Вдруг ему показалось, что в комнате появилась огромная тень, беспокоящая и раздражающая, заслонившая от него свет лампы; тень от стены или дерева, вытянутая и какая-то влажная; она охлаждает воздух и плотно, словно мокрым одеялом, окутывает его целиком. Он попытался понять, от чего эта неприятная тень, открыл глаза и начал, лежа все так же неподвижно, оглядывать комнату. Он вращал глазами страшно, безумно, как человек, подстерегающий врага или спасающийся от самой смерти.
Абажур отбрасывал тень на стены комнаты, а в центре светлого круга — так уж случилось — сидела она, его жена, сидела, скрестив на груди руки, и дремала, прислонившись головой к шкафу. До такой степени бледной он ее еще никогда не видел — она была похожа на икону, на великомученицу. Да, у дьявола не может быть такого лица, но тогда рушилась вся постройка, созданная его воображением, опровергался его жизненный опыт, оказывались выдуманными все страдания от ее глупости; истина в этом случае становилась заблуждением, а он — виновником всего.

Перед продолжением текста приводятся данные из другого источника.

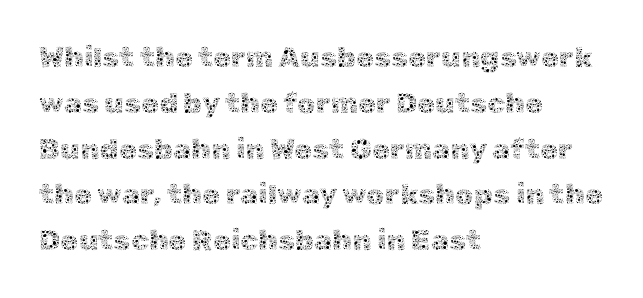
{"italic": "no", "bold": "no", "weight": "thin", "width": "normal", "x_height": "medium", "monospaced": "no", "underline": "no", "align": "left", "line_spacing": "normal", "line_spacing_ratio": 1.58, "letter_spacing": "normal", "letter_spacing_em": 0.0, "glyph_px": 29}
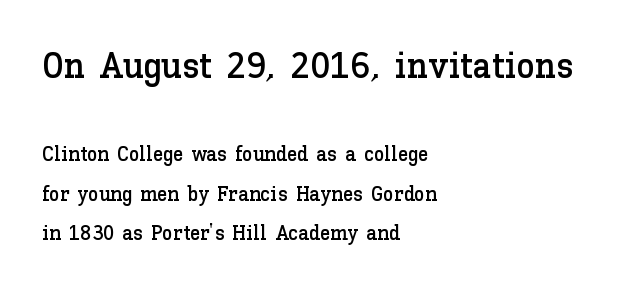
Q: Is the text italic (slanted)? A: No, it is upright.
Q: Is the text underlined? A: No.
Q: How is the paragraph aligned? A: Left-aligned.
Q: Is the spacing between letters normal or unusually wide? A: Normal.
Q: Which block of text is set in a larger size, the first (top) or the second (bottom)? A: The first (top) one.
Q: Width (condensed, normal, or wide)? A: Normal.
Q: Stroke contrast? A: Low.
Q: x-height? A: Medium.
Q: Monospaced? A: No.
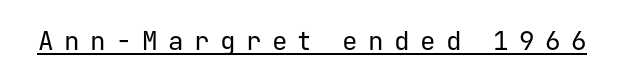
Bold? No — there's no thickening of the strokes. The axis of the letterforms is exactly vertical. Tracking here is generous; glyphs stand well apart from one another. Descenders here cross a horizontal rule under the line.
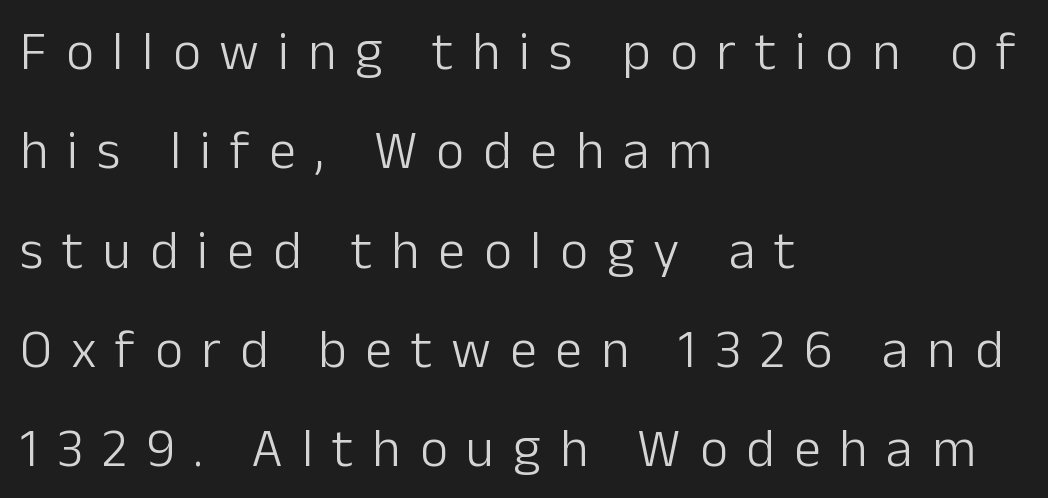
{"serif": "no", "italic": "no", "bold": "no", "weight": "light", "width": "normal", "stroke_contrast": "low", "x_height": "medium", "monospaced": "no", "underline": "no", "align": "left", "line_spacing_ratio": 1.84, "letter_spacing": "wide", "letter_spacing_em": 0.35, "glyph_px": 54}
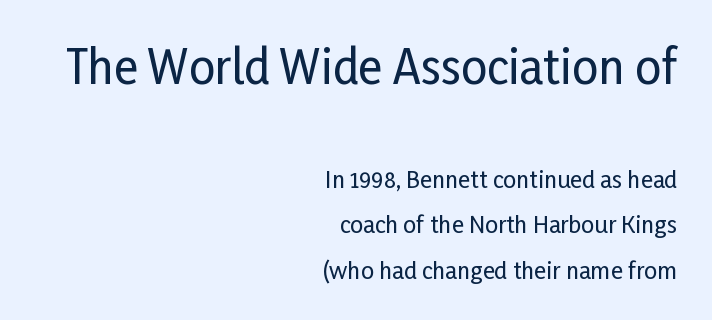
The image shows 46 px condensed sans-serif type, upright; set right-aligned, loose line spacing (1.98x), normal letter spacing, not underlined; the first (top) block is 2.0x larger; low stroke contrast and a medium x-height.
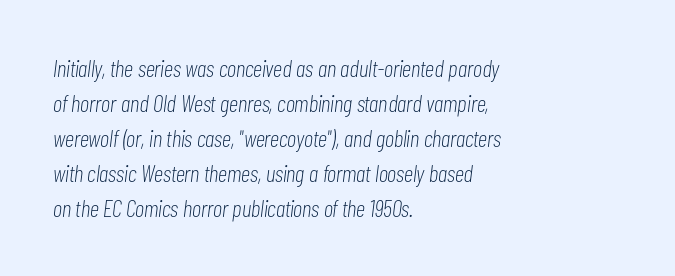
This sample uses plain, unmodified letter spacing. The glyphs are unaccompanied by any horizontal stroke below them. The paragraph shown leans on its left margin. This block has exactly the height ordinary leading produces.
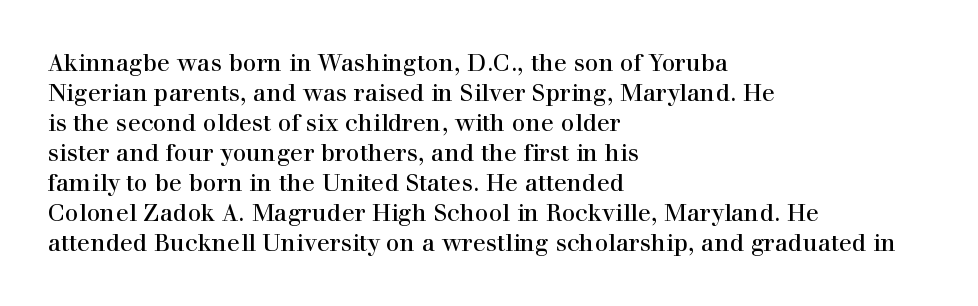
{"italic": "no", "underline": "no", "align": "left", "line_spacing": "normal", "line_spacing_ratio": 1.25, "letter_spacing": "normal", "letter_spacing_em": 0.0, "glyph_px": 24}
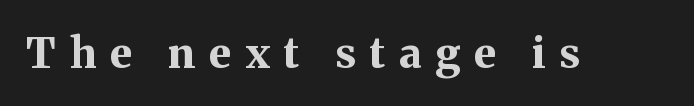
The image shows 42 px bold serif type, upright; set unusually wide letter spacing (+0.33 em), not underlined; medium stroke contrast and a medium x-height.
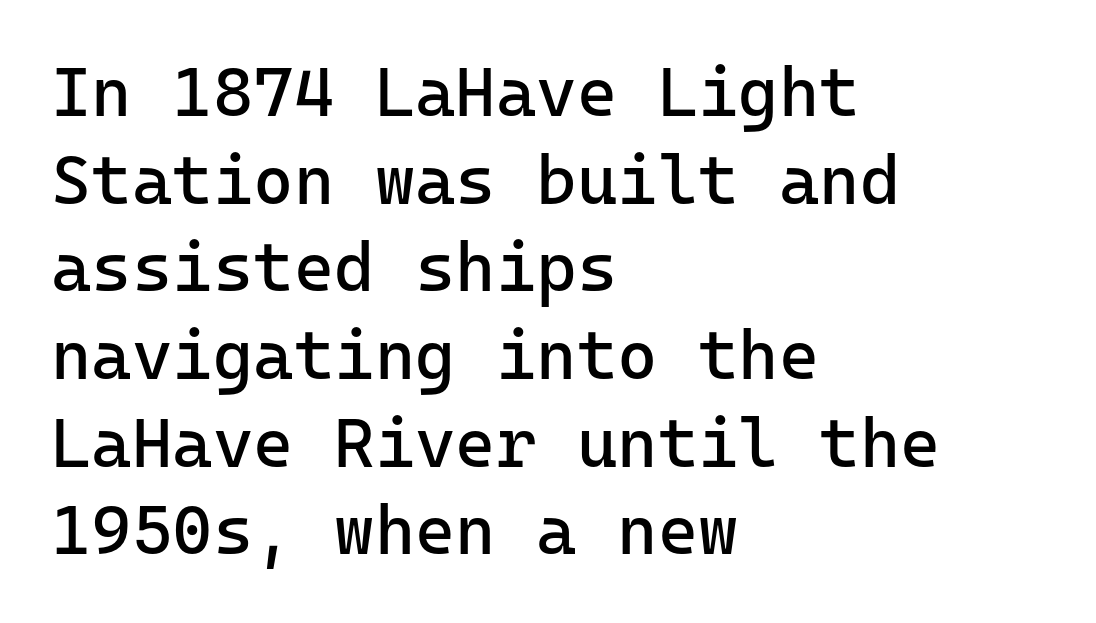
{"serif": "no", "italic": "no", "bold": "no", "weight": "regular", "width": "normal", "stroke_contrast": "low", "x_height": "medium", "monospaced": "yes", "underline": "no", "align": "left", "line_spacing": "normal", "line_spacing_ratio": 1.27, "letter_spacing": "normal", "letter_spacing_em": 0.0, "glyph_px": 69}
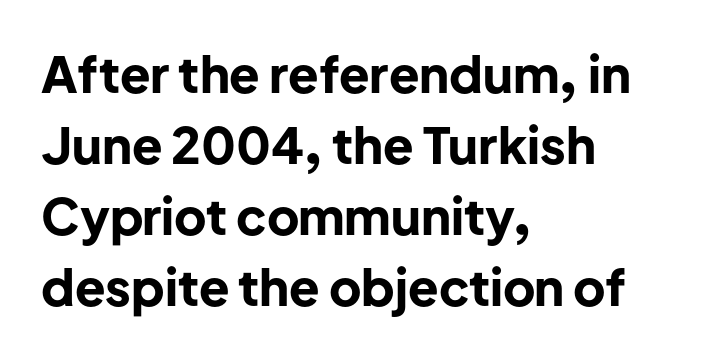
The image shows 50 px bold sans-serif type, upright; set left-aligned, normal line spacing (1.42x), normal letter spacing, not underlined; low stroke contrast and a medium x-height.
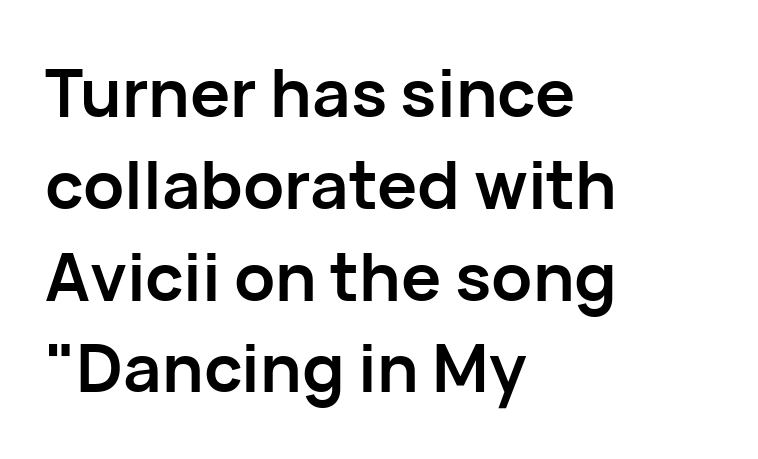
The image shows 67 px semibold sans-serif type, upright; set left-aligned, normal line spacing (1.37x), normal letter spacing, not underlined; low stroke contrast and a medium x-height.
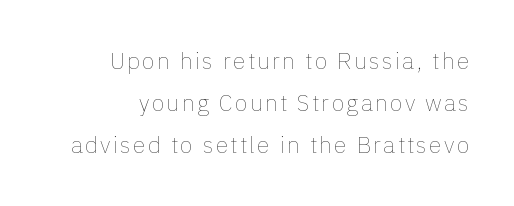
Q: Is the text bold? A: No.
Q: Is the text italic (slanted)? A: No, it is upright.
Q: Is the text underlined? A: No.
Q: How is the paragraph aligned? A: Right-aligned.
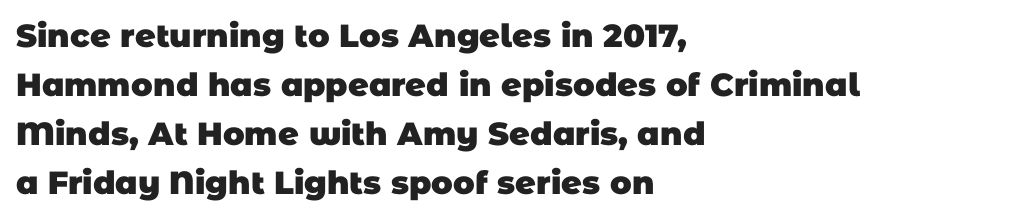
{"serif": "no", "bold": "yes", "weight": "heavy", "width": "normal", "stroke_contrast": "low", "x_height": "large", "monospaced": "no", "underline": "no", "align": "left", "line_spacing": "normal", "line_spacing_ratio": 1.53, "letter_spacing": "normal", "letter_spacing_em": 0.0, "glyph_px": 32}
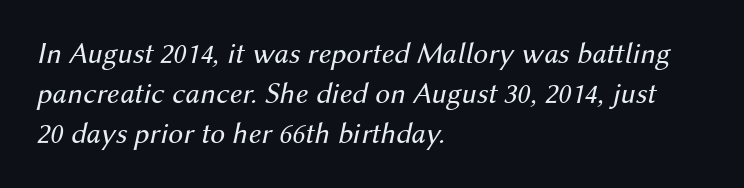
The image shows 30 px regular-weight type, italic (leaning right); set left-aligned, normal line spacing (1.34x), normal letter spacing, not underlined; medium stroke contrast and a medium x-height.
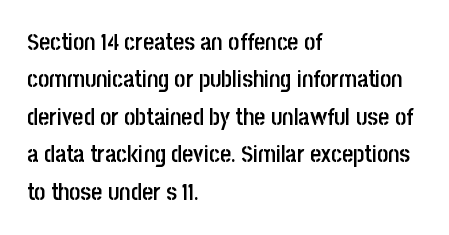
{"italic": "no", "bold": "semi", "underline": "no", "align": "left", "line_spacing": "normal", "line_spacing_ratio": 1.56, "letter_spacing": "normal", "letter_spacing_em": 0.0, "glyph_px": 24}
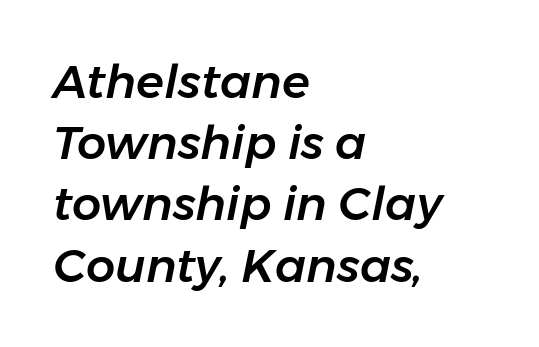
Here the designer chose a conventional face with non-uniform glyph widths. Successive baselines arrive at the customary interval. These lines were composed using italics. Standard letterfit; no display-style spreading of the glyphs. Reading down the block, your eye returns to a fixed left position each line.
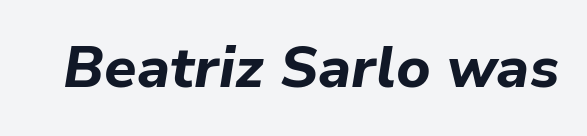
{"italic": "yes", "lean": "right", "slant_degrees": 9, "bold": "yes", "weight": "bold", "width": "normal", "stroke_contrast": "low", "x_height": "medium", "monospaced": "no", "underline": "no", "letter_spacing": "normal", "letter_spacing_em": 0.0, "glyph_px": 58}
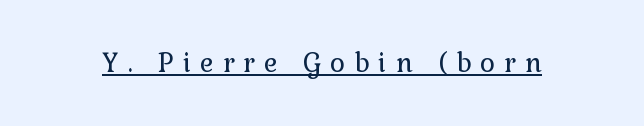
The image shows 26 px text type, upright; set unusually wide letter spacing (+0.35 em), underlined.
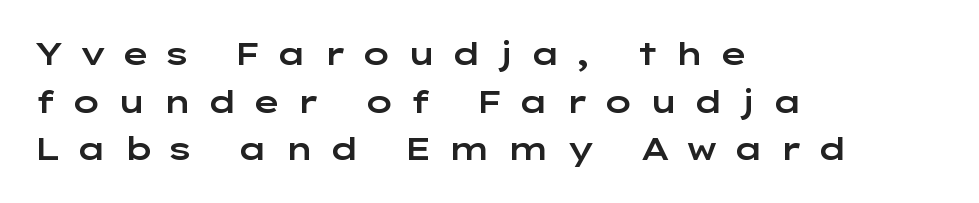
The text was rendered using a sans face with plain stroke endings. One glance says typical: line gaps are just what's usual. The words here are not underlined. The face used here is proportionally spaced, like ordinary book or web type. The lines are quadded left. Posture: straight, roman, zero tilt.
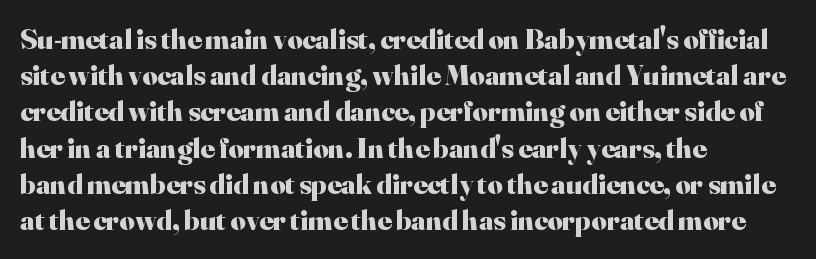
{"serif": "yes", "italic": "no", "bold": "yes", "weight": "heavy", "width": "normal", "stroke_contrast": "high", "x_height": "small", "monospaced": "no", "underline": "no", "align": "left", "line_spacing": "normal", "line_spacing_ratio": 1.25, "letter_spacing": "normal", "letter_spacing_em": 0.0, "glyph_px": 29}

Но дело-то в том, что истина была на его стороне, а заблуждалась она. Он ведь знал, что делает, куда ходит, с кем встречается, а ее обвинения не имели под собой почвы, были чистой фантазией — и, значит, продуктом глупости, слабоумия… Она не могла сделать самого простого логического заключения, исходила не из мудрости жизни, а из прирожденного своего фанатизма. Вот, например, история с женой его брата…
Она приехала к ним из деревни, больная, и осталась на несколько дней. Болезнь ее была не тяжелой — так, какое-то нервное расстройство. Ей нужно было пройти курс лечения на ближайших минеральных водах, лечиться около двадцати дней. Брат его, богатый сельский лавочник, предприимчивый и деятельный, не хотел терять времени. Поэтому он привез жену и немедленно уехал обратно, попросив Матея Матова проводить ее до лечебницы. Матей отвез невестку на воды, снял комнату и устроил ее, а сам выкупался и остался переночевать в гостинице. Таков простой перечень фактов. Он сделал все это с педантической порядочностью, не руководствуясь ничем иным, кроме обычного родственного долга.
Но как же был он поражен, когда через несколько дней в момент раздражения жена выкрикнула ему в лицо, что он всю ночь провалялся с ней в гостинице!
— Иди, иди, поваляйся снова, ведь ты из деревни, сельские гусыни тебя соблазняют. За них ты готов все отдать!
— Что?! — вскричал он, изумленный до предела, испытывая такое чувство, будто кто-то дал ему звонкую, оглушительную пощечину. — Что ты хочешь этим сказать?
— Ха-ха-ха! — прозвучал в ответ ее неестественный, истерический смех. — Что я хочу сказать? Ах ты, развратник этакий, что я хочу этим сказать, а? А ты что скажешь? Как ты теперь оправдаешься?
— Я скажу тебе только, — ответил он с сожалением, — поостерегись и думай, что говоришь, иначе это может плохо для тебя кончиться.
— Да ты как полагаешь, несчастный, ослепли, что ли, люди и ничего не видят? — твердила она свое.